The owner of Center Parcs is said to be rushing to complete a sale after it was revealed the UK holiday resorts chain had passed the deadline for its final bid without any formal offers being made.
The Financial Times reported three remaining bidders, private equity groups Antin Infrastructure Partners and KSL Capital Partners (who bought the parent company of Pig hotels in April 2022) and Singaporean sovereign wealth fund GIC, did not make formal offers, despite being expected to have submitted second-round bids by the end of last month.
The paper added advisers to Brookfield, the Canadian private equity group that put the resort up for sale with a price tag of almost £5b this May, are in the process of building a consortium of bidders to spread the cost of the deal, dubbed ‘Project Redwood’.
Brookfield first bought the business in 2015 from US private equity firm Blackstone for £2.4b.
It comes after Center Parcs announced it continues to search for a suitable site for a holiday village in the south-east of England last month, despite previous plans being scrapped.
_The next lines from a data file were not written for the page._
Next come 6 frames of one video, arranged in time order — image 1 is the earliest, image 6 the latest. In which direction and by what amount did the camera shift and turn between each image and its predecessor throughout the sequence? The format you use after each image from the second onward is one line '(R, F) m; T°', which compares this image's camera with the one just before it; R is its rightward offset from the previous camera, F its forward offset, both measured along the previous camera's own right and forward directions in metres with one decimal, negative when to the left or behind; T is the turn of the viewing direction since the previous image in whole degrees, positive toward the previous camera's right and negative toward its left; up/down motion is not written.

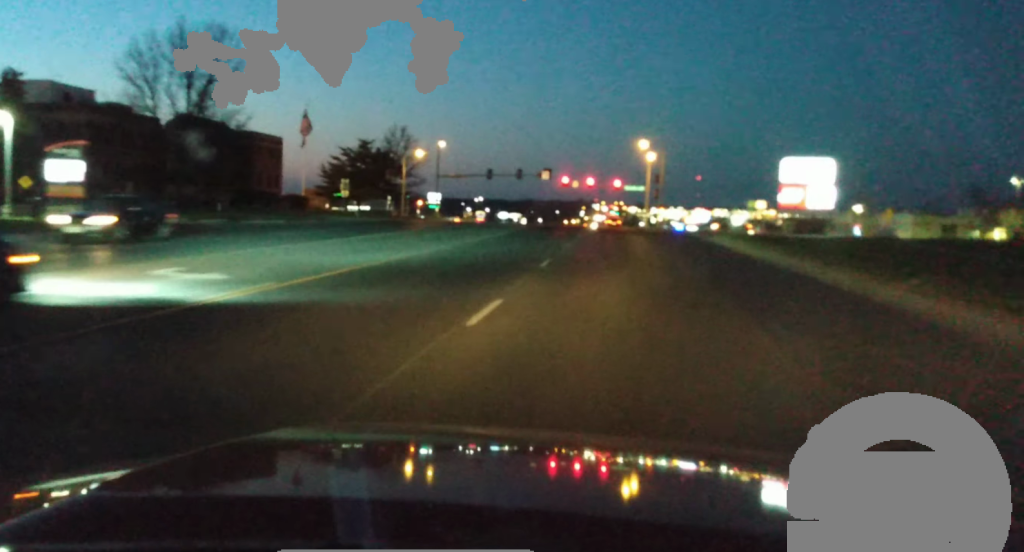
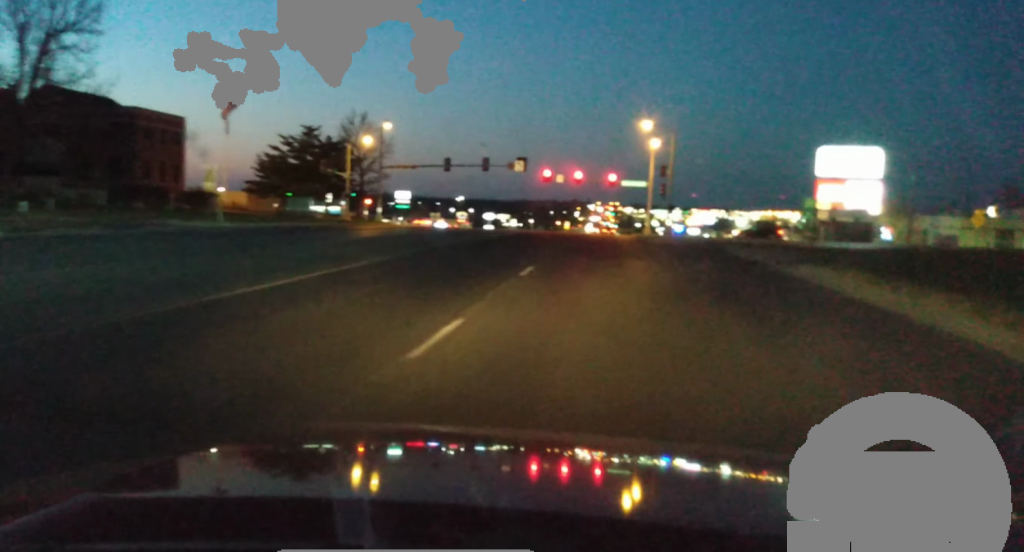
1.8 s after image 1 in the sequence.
(+0.2, +27.1) m; +1°
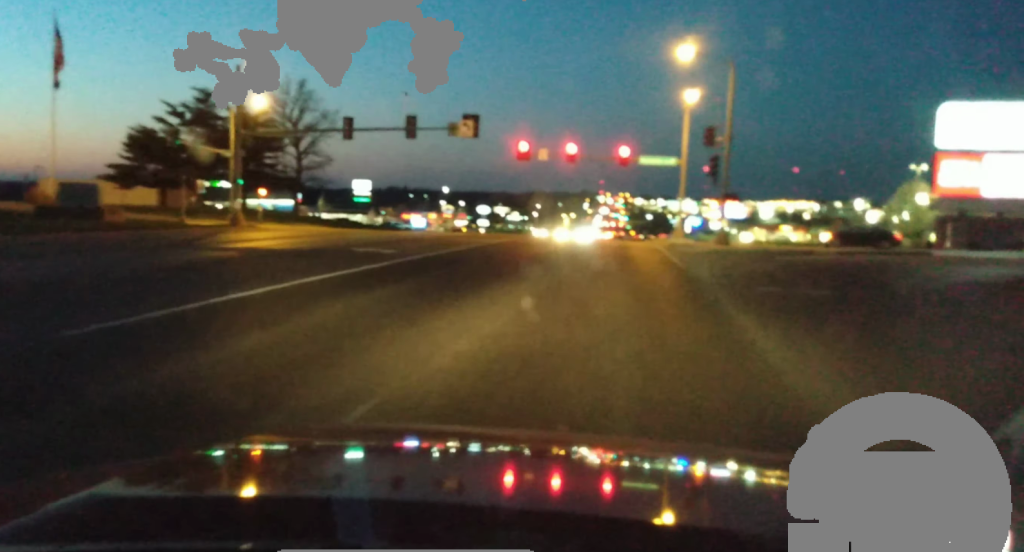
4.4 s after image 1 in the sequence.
(-0.8, +36.8) m; -2°
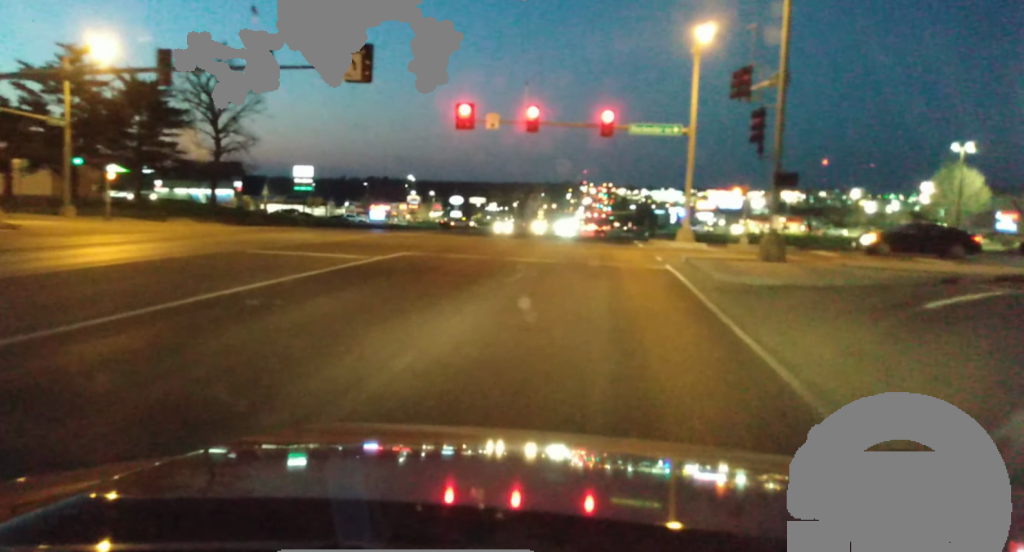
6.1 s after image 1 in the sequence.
(+0.2, +20.8) m; +2°
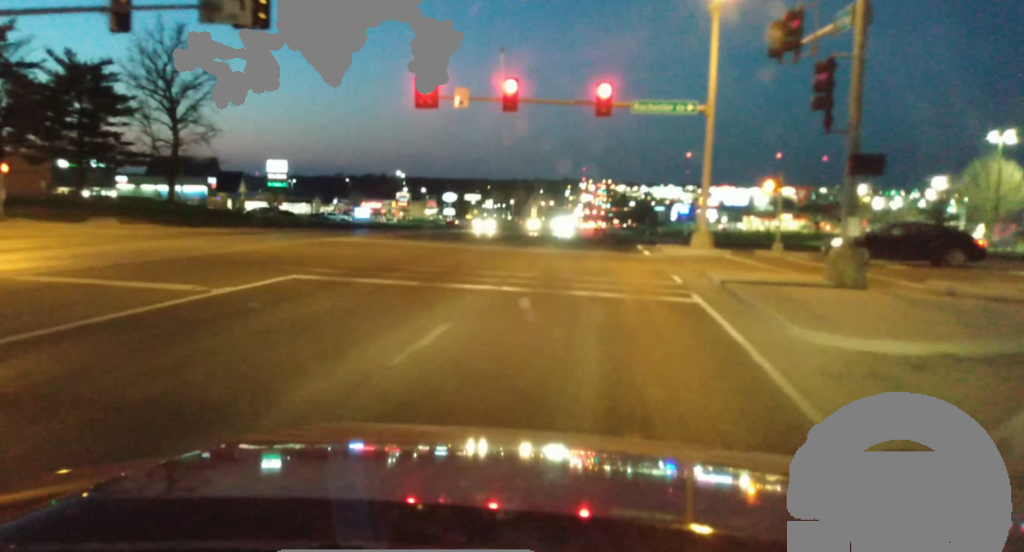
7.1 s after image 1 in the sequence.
(+0.1, +10.3) m; +1°
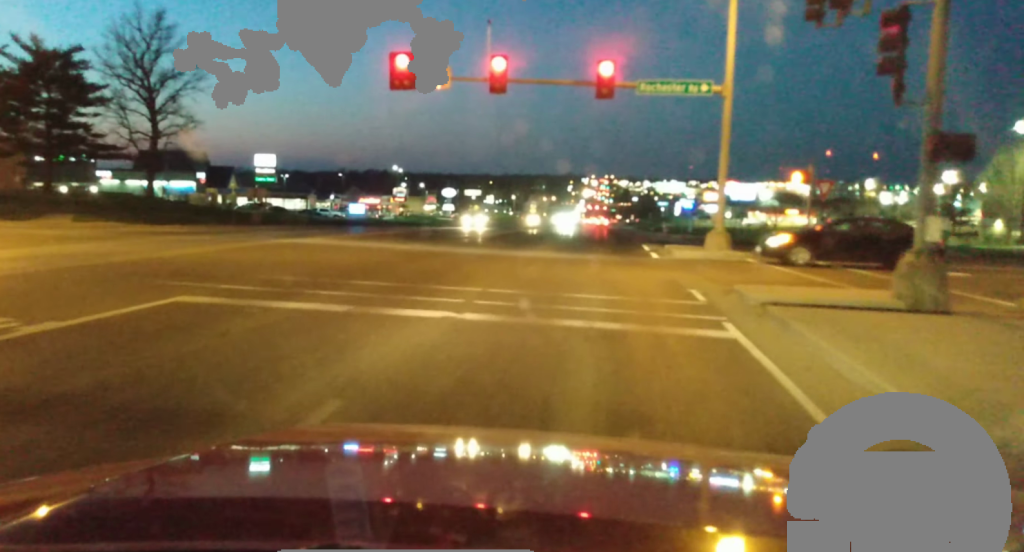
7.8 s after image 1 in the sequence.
(0.0, +5.4) m; 0°

The holiday parks also reported a record year of trading, with revenue up 18% over the 12 months to 20 April 2023.
Center Parcs was founded in 1968 in the Netherlands and runs five UK sites: Whinfell Forest in the Lake District, Sherwood Forest in Nottinghamshire, Longleat Forest in Wiltshire, Elveden Forest in Suffolk, and Woburn Forest in Bedfordshire. It also has a resort near Ballymahon in Ireland.
Brookfield has been contacted for comment.